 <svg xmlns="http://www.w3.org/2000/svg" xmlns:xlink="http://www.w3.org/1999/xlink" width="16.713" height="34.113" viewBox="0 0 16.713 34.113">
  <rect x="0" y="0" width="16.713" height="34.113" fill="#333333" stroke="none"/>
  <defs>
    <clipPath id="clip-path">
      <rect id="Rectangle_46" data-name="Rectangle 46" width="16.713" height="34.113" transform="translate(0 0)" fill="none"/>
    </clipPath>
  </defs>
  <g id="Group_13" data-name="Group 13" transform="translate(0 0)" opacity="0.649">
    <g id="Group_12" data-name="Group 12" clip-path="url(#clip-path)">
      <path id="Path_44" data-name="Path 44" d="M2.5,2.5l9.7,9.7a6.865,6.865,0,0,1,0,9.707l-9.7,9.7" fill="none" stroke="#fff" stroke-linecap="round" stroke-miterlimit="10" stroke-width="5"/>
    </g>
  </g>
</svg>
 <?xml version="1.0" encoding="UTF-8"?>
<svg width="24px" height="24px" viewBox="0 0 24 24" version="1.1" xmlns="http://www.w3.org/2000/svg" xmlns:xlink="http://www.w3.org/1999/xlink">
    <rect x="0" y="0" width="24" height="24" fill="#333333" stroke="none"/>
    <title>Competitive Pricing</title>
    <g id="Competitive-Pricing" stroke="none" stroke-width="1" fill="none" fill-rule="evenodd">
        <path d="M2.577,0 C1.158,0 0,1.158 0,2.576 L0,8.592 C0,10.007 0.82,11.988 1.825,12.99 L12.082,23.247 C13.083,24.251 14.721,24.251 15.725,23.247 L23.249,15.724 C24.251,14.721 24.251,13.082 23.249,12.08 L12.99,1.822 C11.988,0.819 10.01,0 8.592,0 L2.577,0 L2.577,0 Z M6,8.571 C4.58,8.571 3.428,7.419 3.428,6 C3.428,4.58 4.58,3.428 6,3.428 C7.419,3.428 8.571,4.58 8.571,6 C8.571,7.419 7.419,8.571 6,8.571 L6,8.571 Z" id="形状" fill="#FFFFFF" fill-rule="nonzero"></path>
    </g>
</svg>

+++++

▶ Your task: Each line above that includes "viewBox" should be shown.

▶ Result:
 <svg xmlns="http://www.w3.org/2000/svg" xmlns:xlink="http://www.w3.org/1999/xlink" width="16.713" height="34.113" viewBox="0 0 16.713 34.113">
<svg width="24px" height="24px" viewBox="0 0 24 24" version="1.1" xmlns="http://www.w3.org/2000/svg" xmlns:xlink="http://www.w3.org/1999/xlink">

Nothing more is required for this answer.